Categories of effects I found:

1. sliding along one axis: when trying to move to a point/target, you slide off in one direction or another.
2. The "travelling tower" problem: when you move towards a position, some objects move away!
3. Distant relative jitter in general, ie. normal forms of jitter effects, such as flashing, for some objects (travelling tower is another example if DRJ).
4. not moving at all: as you mentioned, when space resolution is lower than the movement vector magnitude.

 

@cosmochristo,
Yes the documentation has a small sub section on it.

Dev blitz also mentions relative rendering, as should be objectively obviously rendering/animations/physics have varying degrees of accuracy.


There's still a 32bit depth limitation numerically, so you may find that physics accuracy still may show inaccuracies if they or anything else is world pos absolute based.

However this is a significant improvement of units over the built in counterpart.


For scales of projects on a universal scale sure, you'd have to scale down your units on the project level to potentially facilitate that.

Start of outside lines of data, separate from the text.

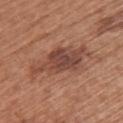{"biopsy_status": "not biopsied; imaged during a skin examination", "patient": {"sex": "female", "age_approx": 65}, "lighting": "white-light", "site": "back", "image": {"source": "total-body photography crop", "field_of_view_mm": 15}, "lesion_size": {"long_diameter_mm_approx": 7.5}}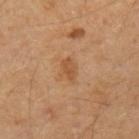Image and clinical context: This is a cross-polarized tile. Approximately 2.5 mm at its widest. A male patient, aged approximately 40. Automated image analysis of the tile measured a shape eccentricity near 0.85 and two-axis asymmetry of about 0.2. The analysis additionally found a lesion color around L≈52 a*≈22 b*≈37 in CIELAB and a normalized lesion–skin contrast near 6.5. And it measured a nevus-likeness score of about 30/100 and a lesion-detection confidence of about 100/100. From the left upper arm. A lesion tile, about 15 mm wide, cut from a 3D total-body photograph.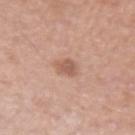workup: catalogued during a skin exam; not biopsied | image: ~15 mm tile from a whole-body skin photo | body site: the left upper arm | subject: male, about 40 years old.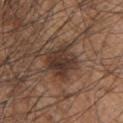Automated tile analysis of the lesion measured an area of roughly 12 mm² and a shape-asymmetry score of about 0.25 (0 = symmetric). The software also gave a mean CIELAB color near L≈35 a*≈17 b*≈23, about 11 CIELAB-L* units darker than the surrounding skin, and a normalized lesion–skin contrast near 10. Located on the upper back. Cropped from a total-body skin-imaging series; the visible field is about 15 mm. A male patient, approximately 45 years of age.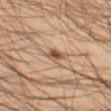workup: catalogued during a skin exam; not biopsied | image: 15 mm crop, total-body photography | patient: male, aged approximately 45 | size: ~2.5 mm (longest diameter) | site: the leg | lighting: cross-polarized illumination.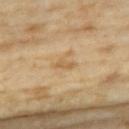Notes:
* workup · no biopsy performed (imaged during a skin exam)
* lesion size · ~2.5 mm (longest diameter)
* patient · female, aged 73 to 77
* body site · the chest
* lighting · cross-polarized illumination
* imaging modality · total-body-photography crop, ~15 mm field of view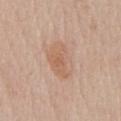follow-up: total-body-photography surveillance lesion; no biopsy
size: ≈5 mm
lighting: white-light illumination
subject: male, aged 63 to 67
image-analysis metrics: an average lesion color of about L≈61 a*≈19 b*≈31 (CIELAB), a lesion–skin lightness drop of about 7, and a normalized lesion–skin contrast near 5.5; border irregularity of about 2.5 on a 0–10 scale, internal color variation of about 3.5 on a 0–10 scale, and radial color variation of about 1; a classifier nevus-likeness of about 25/100
imaging modality: ~15 mm crop, total-body skin-cancer survey
location: the front of the torso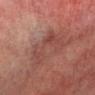Impression:
The lesion was tiled from a total-body skin photograph and was not biopsied.
Acquisition and patient details:
A male patient approximately 75 years of age. Measured at roughly 6.5 mm in maximum diameter. This image is a 15 mm lesion crop taken from a total-body photograph. An algorithmic analysis of the crop reported about 5 CIELAB-L* units darker than the surrounding skin and a normalized border contrast of about 5. It also reported a classifier nevus-likeness of about 0/100 and lesion-presence confidence of about 55/100. Captured under cross-polarized illumination. From the left lower leg.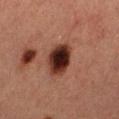Notes:
- biopsy status — catalogued during a skin exam; not biopsied
- anatomic site — the right thigh
- image source — total-body-photography crop, ~15 mm field of view
- patient — female, aged approximately 40
- diameter — ~4 mm (longest diameter)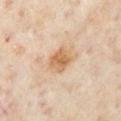Assessment:
The lesion was photographed on a routine skin check and not biopsied; there is no pathology result.
Image and clinical context:
A female subject approximately 60 years of age. Imaged with cross-polarized lighting. The lesion is on the chest. Measured at roughly 3.5 mm in maximum diameter. Cropped from a total-body skin-imaging series; the visible field is about 15 mm.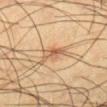follow-up: catalogued during a skin exam; not biopsied | subject: male, aged approximately 35 | lighting: cross-polarized illumination | image: ~15 mm crop, total-body skin-cancer survey | size: ≈3.5 mm | body site: the right lower leg.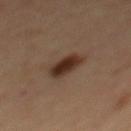Q: What did automated image analysis measure?
A: a shape eccentricity near 0.75 and a symmetry-axis asymmetry near 0.15; a lesion color around L≈30 a*≈17 b*≈24 in CIELAB, roughly 13 lightness units darker than nearby skin, and a lesion-to-skin contrast of about 12 (normalized; higher = more distinct); border irregularity of about 1.5 on a 0–10 scale, a within-lesion color-variation index near 3.5/10, and peripheral color asymmetry of about 1
Q: Lesion location?
A: the mid back
Q: Illumination type?
A: cross-polarized illumination
Q: Patient demographics?
A: male, aged around 60
Q: How was this image acquired?
A: total-body-photography crop, ~15 mm field of view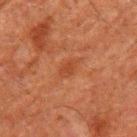Q: Was this lesion biopsied?
A: total-body-photography surveillance lesion; no biopsy
Q: How was this image acquired?
A: ~15 mm crop, total-body skin-cancer survey
Q: Patient demographics?
A: male, aged around 60
Q: What is the anatomic site?
A: the left upper arm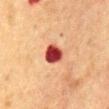follow-up — catalogued during a skin exam; not biopsied
lesion diameter — ≈2.5 mm
patient — female, aged 48 to 52
imaging modality — ~15 mm tile from a whole-body skin photo
anatomic site — the chest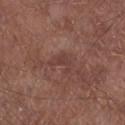workup — no biopsy performed (imaged during a skin exam)
lesion size — ≈3 mm
tile lighting — white-light
subject — male, about 55 years old
body site — the left lower leg
imaging modality — total-body-photography crop, ~15 mm field of view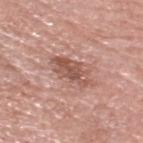follow-up=total-body-photography surveillance lesion; no biopsy | imaging modality=~15 mm tile from a whole-body skin photo | lesion diameter=about 5 mm | patient=male, approximately 70 years of age | lighting=white-light | location=the head or neck.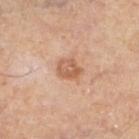Recorded during total-body skin imaging; not selected for excision or biopsy. A 15 mm close-up extracted from a 3D total-body photography capture. The tile uses cross-polarized illumination. The lesion is located on the left lower leg. A male patient aged 63 to 67. The recorded lesion diameter is about 3 mm.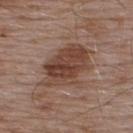  biopsy_status: not biopsied; imaged during a skin examination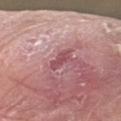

There's a few shader graphs situations where this is also the case.

In terms of respected treatment, treat unto others how you wish to be treated, goes a very long way indeed.

 

No I'm talking about how floating point math works. This page has a pretty good breakdown:

https://blog.demofox.org/2017/11/21/floating-point-precision/

 

Yes, if both the objects and the camera are very far from the origin their positions would be subject to precision loss and subtracting them wouldn't change that and they would still snap while moving. But the vertices of each model are protected from precision loss since their transformed coordinates won't be multiplied by massive world-space values and at least this won't happen:

 

That's a nice article. I added the following (in comments):
Some comments:
1. It may help to separate precision from accuracy, where accuracy refers to the resolution, or distance between one representable number and the next. For single precision floats, the precision is always 32bit.
3. The accuracy, on the other hand, will vary with size of number represented long before you reach 6 digits.
The resolution at 1.0 (between 0.5 and 1.0) is double that at 2.0 because at 2.0, there is a 1 in the exponent, so the gap between numbers is double than that at 1.0.
4. For 3-dimensional space, the largest (worst case) gap error between representable points is a geometric formula (involving square root) and this is larger (about 3.4 times) than the values calculated for 1 dimension. To this one must include the temporal error as well, so one could well expect a larger multiple than 3.4.

 

Hah, I did porches too


@Neto_Kokku, you are half right, if the camera world coordinate is very large then the entire object mesh will suffer jitter,
and the relative jitter between objects would vary depending on their actual reference position from the origin.

 

Correct. The mesh itself won't get mangled but the object position will still jitter so camera-relative rendering doesn't help that much in the end.

I think it's good only for cases where distances aren't large enough to break physics or cause noticeable movement jitter but could already cause visual artifacts on densely detailed meshes like characters when seen up close. Since the vertices' final screen positions go through several multiplications and additions they are more sensitive to precision loss.